Innochka was listening to someone to her left, but as soon as he turned to her she turned to him. The person was still talking but Innochka smiled up at Mordecai, her attention on him as though she expected him to say something, but he had nothing to say. What he wanted to say was  _I need to get out of here_ but he suspected running screaming from the room would somewhat ruin the festivities.

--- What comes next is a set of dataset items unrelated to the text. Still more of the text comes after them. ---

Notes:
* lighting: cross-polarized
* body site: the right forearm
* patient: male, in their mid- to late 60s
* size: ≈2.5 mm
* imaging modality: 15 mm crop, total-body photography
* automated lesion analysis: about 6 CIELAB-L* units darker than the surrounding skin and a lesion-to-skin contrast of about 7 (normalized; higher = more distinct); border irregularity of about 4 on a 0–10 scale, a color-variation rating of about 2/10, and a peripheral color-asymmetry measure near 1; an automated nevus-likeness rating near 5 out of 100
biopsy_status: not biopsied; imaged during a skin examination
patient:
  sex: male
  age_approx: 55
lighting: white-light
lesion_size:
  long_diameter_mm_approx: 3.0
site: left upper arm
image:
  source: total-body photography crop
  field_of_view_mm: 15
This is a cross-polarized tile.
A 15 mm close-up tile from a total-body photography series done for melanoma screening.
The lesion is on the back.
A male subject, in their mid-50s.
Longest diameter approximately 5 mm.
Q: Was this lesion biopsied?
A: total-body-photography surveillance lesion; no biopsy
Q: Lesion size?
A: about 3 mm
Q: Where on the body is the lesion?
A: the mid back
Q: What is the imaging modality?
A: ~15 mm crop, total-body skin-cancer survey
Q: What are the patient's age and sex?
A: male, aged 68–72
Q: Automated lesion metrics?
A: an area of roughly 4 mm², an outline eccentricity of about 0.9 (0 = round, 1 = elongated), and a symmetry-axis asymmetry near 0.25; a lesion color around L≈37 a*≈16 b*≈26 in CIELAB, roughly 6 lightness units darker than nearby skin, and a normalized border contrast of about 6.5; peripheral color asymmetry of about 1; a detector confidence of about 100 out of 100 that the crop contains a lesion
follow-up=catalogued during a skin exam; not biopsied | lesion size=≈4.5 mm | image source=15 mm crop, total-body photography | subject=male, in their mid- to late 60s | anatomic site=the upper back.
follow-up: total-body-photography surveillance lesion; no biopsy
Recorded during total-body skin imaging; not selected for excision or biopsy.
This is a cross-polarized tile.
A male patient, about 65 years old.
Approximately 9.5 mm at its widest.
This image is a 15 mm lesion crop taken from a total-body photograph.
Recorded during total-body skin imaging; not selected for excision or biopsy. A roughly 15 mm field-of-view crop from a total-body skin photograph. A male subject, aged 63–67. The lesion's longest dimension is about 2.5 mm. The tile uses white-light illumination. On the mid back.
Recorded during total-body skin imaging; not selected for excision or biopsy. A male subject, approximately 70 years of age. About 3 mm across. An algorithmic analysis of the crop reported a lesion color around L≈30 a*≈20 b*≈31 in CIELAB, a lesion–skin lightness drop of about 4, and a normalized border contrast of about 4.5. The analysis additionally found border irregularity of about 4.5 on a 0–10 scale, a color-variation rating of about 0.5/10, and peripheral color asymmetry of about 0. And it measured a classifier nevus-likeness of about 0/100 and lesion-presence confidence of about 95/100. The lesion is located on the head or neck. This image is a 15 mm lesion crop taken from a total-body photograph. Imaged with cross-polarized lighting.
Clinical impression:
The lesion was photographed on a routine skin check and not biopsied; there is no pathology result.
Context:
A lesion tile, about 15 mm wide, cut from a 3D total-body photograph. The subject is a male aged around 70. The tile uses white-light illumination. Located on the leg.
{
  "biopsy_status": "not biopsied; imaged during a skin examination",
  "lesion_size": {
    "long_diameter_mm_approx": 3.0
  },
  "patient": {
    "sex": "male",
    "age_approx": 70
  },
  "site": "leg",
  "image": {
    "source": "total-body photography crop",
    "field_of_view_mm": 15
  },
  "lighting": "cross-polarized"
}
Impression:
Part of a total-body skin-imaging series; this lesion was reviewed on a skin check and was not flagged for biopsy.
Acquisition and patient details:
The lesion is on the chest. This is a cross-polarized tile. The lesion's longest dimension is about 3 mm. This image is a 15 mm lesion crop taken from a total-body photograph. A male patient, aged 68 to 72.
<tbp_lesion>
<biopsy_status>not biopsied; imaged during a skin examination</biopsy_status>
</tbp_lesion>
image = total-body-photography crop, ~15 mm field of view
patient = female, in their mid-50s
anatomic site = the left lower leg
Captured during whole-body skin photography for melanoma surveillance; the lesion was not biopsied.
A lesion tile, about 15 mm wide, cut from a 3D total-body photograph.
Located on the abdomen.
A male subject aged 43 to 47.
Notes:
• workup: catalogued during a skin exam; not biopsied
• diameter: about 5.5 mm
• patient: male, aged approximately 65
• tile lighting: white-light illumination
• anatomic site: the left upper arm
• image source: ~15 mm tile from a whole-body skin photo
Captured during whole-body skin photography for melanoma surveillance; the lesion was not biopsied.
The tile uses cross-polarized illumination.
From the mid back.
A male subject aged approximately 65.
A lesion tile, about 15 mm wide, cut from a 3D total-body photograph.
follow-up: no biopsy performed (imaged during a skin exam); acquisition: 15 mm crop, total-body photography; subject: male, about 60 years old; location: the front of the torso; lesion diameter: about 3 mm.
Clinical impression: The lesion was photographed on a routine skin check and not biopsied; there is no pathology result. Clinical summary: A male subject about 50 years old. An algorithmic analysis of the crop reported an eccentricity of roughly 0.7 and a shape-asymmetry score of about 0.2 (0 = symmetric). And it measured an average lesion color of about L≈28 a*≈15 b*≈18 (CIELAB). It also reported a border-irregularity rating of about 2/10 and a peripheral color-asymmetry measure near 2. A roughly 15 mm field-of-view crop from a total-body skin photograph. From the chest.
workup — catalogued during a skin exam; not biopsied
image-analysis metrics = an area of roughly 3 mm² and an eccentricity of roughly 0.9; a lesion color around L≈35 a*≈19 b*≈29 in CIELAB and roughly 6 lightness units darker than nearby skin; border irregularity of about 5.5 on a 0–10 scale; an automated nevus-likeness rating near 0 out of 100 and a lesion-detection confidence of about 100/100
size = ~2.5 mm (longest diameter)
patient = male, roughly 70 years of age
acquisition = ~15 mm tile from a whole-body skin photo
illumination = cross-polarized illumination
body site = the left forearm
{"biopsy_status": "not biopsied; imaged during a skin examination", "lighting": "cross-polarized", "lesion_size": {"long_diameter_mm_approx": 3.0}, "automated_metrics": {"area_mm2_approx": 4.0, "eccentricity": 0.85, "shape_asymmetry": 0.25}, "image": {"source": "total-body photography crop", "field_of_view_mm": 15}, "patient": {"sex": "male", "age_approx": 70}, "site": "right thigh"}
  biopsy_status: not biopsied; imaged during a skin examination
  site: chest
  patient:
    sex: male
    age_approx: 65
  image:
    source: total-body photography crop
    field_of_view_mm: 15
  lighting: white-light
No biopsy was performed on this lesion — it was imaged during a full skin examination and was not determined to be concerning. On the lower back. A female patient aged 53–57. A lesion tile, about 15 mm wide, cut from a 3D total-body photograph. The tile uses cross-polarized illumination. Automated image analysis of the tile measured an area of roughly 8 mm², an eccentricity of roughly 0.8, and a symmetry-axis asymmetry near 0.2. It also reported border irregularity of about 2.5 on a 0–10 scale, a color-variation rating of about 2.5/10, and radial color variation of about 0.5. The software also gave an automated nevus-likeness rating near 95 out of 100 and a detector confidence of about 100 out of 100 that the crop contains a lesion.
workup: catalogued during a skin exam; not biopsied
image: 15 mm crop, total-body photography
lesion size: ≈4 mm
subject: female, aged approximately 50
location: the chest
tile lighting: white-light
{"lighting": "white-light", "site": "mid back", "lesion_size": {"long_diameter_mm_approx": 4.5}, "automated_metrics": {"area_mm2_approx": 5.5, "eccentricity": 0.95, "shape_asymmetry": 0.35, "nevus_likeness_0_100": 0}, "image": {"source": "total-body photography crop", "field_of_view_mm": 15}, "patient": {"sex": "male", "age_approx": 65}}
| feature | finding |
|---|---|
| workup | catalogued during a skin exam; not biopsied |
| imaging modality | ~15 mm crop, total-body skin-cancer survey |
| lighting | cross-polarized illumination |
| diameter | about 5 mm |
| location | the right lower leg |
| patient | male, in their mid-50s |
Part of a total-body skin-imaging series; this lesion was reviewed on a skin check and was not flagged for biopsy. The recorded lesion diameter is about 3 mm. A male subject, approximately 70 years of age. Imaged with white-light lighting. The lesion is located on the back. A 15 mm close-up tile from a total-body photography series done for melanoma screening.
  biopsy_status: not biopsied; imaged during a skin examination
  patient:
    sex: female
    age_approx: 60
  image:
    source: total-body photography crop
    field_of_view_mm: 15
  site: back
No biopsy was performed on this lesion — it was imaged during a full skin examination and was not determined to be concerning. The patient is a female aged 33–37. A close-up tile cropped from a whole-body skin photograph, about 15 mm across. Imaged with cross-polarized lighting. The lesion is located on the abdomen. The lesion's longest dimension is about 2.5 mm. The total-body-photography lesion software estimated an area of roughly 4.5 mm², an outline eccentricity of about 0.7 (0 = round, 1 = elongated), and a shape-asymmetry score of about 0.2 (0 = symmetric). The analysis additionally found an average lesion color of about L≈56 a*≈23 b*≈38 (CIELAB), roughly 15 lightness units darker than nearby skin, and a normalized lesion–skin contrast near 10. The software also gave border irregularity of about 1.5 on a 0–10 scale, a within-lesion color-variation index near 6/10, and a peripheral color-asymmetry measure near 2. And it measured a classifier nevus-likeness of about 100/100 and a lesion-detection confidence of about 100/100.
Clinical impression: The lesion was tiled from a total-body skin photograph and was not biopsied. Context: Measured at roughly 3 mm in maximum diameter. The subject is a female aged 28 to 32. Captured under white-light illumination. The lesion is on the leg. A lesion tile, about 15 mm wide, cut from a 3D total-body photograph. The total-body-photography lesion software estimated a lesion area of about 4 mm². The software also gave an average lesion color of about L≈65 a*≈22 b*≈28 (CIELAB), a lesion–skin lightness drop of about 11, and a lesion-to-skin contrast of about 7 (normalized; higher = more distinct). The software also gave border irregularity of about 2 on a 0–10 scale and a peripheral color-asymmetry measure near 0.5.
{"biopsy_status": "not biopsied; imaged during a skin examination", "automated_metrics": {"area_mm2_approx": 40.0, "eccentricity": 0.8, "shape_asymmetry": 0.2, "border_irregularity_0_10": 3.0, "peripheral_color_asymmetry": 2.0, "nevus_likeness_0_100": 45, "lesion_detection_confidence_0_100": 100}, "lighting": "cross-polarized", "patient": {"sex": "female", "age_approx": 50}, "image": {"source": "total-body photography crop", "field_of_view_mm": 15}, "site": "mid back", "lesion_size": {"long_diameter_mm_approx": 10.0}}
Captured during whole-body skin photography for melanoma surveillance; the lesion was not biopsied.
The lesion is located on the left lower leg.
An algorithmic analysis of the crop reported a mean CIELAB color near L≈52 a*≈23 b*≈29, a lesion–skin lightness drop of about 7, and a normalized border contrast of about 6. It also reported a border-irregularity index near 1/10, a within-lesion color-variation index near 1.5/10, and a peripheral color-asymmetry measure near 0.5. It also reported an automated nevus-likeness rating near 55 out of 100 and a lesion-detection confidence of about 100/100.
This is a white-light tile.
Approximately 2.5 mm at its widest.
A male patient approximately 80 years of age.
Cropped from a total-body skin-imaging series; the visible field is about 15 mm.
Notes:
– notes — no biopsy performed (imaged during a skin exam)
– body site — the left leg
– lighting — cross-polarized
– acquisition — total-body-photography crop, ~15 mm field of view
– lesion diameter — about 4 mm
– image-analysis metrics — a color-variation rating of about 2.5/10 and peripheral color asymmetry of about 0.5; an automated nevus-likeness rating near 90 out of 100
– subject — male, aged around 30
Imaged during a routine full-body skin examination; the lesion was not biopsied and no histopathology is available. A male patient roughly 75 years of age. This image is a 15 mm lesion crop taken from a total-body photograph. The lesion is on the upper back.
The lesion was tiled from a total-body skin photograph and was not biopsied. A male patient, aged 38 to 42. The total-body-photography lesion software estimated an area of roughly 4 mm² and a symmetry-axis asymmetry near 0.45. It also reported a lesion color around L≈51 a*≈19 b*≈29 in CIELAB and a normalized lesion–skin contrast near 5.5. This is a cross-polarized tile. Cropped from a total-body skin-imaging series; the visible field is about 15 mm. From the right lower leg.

Someone clapped him on the shoulders and shook him. "Look at you, man of the hour!" Asa said. "That went off without a single goddam stutter, Heller. I'm impressed. I am very very impressed. And this lady!" he said, gesturing to Innochka. "You, madam, are a piece of work. Did you -sweetheart, are you holdin' a bag of eggs?"

She nodded. "Chicken truck has eggs! Why go to waste?"

Asa gave a high, hooting laugh. "All that and the grocery shopping too!" He looked at Mordecai and jerked his head in Innochka's direction. "This one's a keeper."

Mordecai made a strained sound. He glanced around furtively. "I- I didn't realize there was going to be a party," he said.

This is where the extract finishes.